Herzlichen Glückwunsch zur bevorstehenden Elternschaft! Ab jetzt beginnt eine aufregende Reise, auf der du viel über dein Baby und die bevorstehenden Veränderungen lernen wirst: Von den ersten Anzeichen der Schwangerschaft bis hin zu den Vorbereitungen auf das neue Leben. Jeder Abschnitt dieser Reise bringt seine eigenen Herausforderungen und Freuden mit sich.
Obwohl man dir die Schwangerschaft noch nicht ansieht, entwickelt sich dein Baby in deinem Bauch von einer kleinen Zellansammlung zu einem etwa 8 Zentimeter großen Embryo. Wichtige Organe nehmen Gestalt an: Kopf, Rumpf, Arme und Beine sind bald erkennbar. Am Ende der 12. SSW sind sogar die Augen deines Kindes bereits angelegt. Deine Frauenärztin wird dich jetzt regelmäßig zu Vorsorgeterminen einladen, die du unbedingt wahrnehmen solltest. Sie wird dich gründlich per Ultraschall untersuchen, dein Gewicht und das Wachstum deines Babys im Mutterpass dokumentieren, den du stets bei dir tragen solltest – für den Fall, dass du plötzlich ins Krankenhaus musst. In dieser frühen Phase der Schwangerschaft sind Harnwegsinfektionen und Übelkeit nicht ungewöhnlich. Aber keine Sorge – das wird vorübergehen. Wenn du dich unwohl fühlst, sprich mit deiner Ärztin. Sie kann dir geeignete Medikamente empfehlen, die deinem Baby nicht schaden. Beginne frühzeitig mit der Suche nach einer Hebamme und melde dich für einen Geburtsvorbereitungskurs an. Dieser beginnt zwar erst gegen Ende des 2. Trimesters, aber die Plätze sind oft schnell vergeben. Der Kurs vermittelt dir und anderen werdenden Müttern wertvolle Informationen zur Geburt. Zudem lernst du Entspannungs- und Atemtechniken kennen, die dir während der Entbindung helfen können.
Jetzt beginnt dein Bauch zu wachsen, denn dein Baby nimmt stetig an Gewicht zu. Die Körperstrukturen und Organe, die in den ersten zwölf Wochen gebildet wurden, werden immer deutlicher sichtbar. Ab der 16. Woche kannst du das Geschlecht deines Kindes auf dem Ultraschall erkennen. Das Gehör deines Babys entwickelt sich so weit, dass es die Geräusche deines Körpers sowie die aus der Umgebung wahrnehmen kann. Es beginnt, erste Eindrücke zu verarbeiten. Seine Augenlider sind zwar noch geschlossen, doch die Pupillen können sich bereits bewegen. Ab der 27. Woche entwickelt dein Baby einen Schlaf- und Wachrhythmus, ruhige und aktive Phasen wechseln sich ab.

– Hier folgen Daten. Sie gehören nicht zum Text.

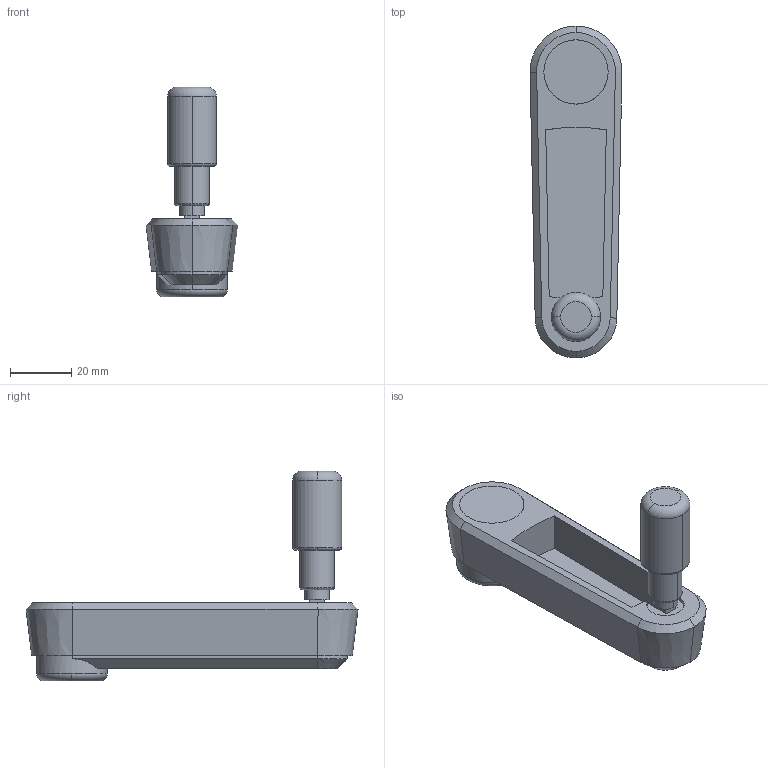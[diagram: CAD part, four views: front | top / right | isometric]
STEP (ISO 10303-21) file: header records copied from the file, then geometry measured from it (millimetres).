
FILE_DESCRIPTION(('STEP AP214'),'1');
FILE_NAME('HALDERN_EH_24331_0405.stp','2020-02-28T09:40:41',('TraceParts'),('TraceParts S.A.'),'Spatial InterOp 3D',' ',' ');
FILE_SCHEMA(('AUTOMOTIVE_DESIGN { 1 0 10303 214 1 1 1 1 }'));
Length unit declared in the file: millimetre
Products named in the file (1): HALDERN_EH_24331_0405_1
Bounding box: 29.99 x 108.32 x 68.5 mm (x, y, z)
Volume: 46471.6 mm3; surface area: 17492.2 mm2
Topology: 3 solids, 3 shells, 94 faces, 227 edges, 149 vertices
Faces by surface type: plane 46, cylinder 28, cone 10, torus 10
Entity records: 3566 total; most frequent: DIRECTION 531, CARTESIAN_POINT 475, ORIENTED_EDGE 454, EDGE_CURVE 227, AXIS2_PLACEMENT_3D 208, VERTEX_POINT 149, LINE 115, VECTOR 115

Du wirst immer häufiger die Bewegungen deines Babys spüren – anfangs noch zart. Dir selbst geht es in dieser Phase deiner Schwangerschaft gut. Die Übelkeit ist vorbei, und du fühlst dich vitaler. Allerdings musst du dich jetzt um neue Kleidung kümmern – deine alte Lieblingsjeans wird nicht mehr passen. Aufgrund des hohen Östrogenspiegels kann sich auf deinem Bauch eine dunkle Linie bilden – die sogenannte Linea Nigra. Diese Pigmentveränderung bildet sich nach der Geburt wieder zurück.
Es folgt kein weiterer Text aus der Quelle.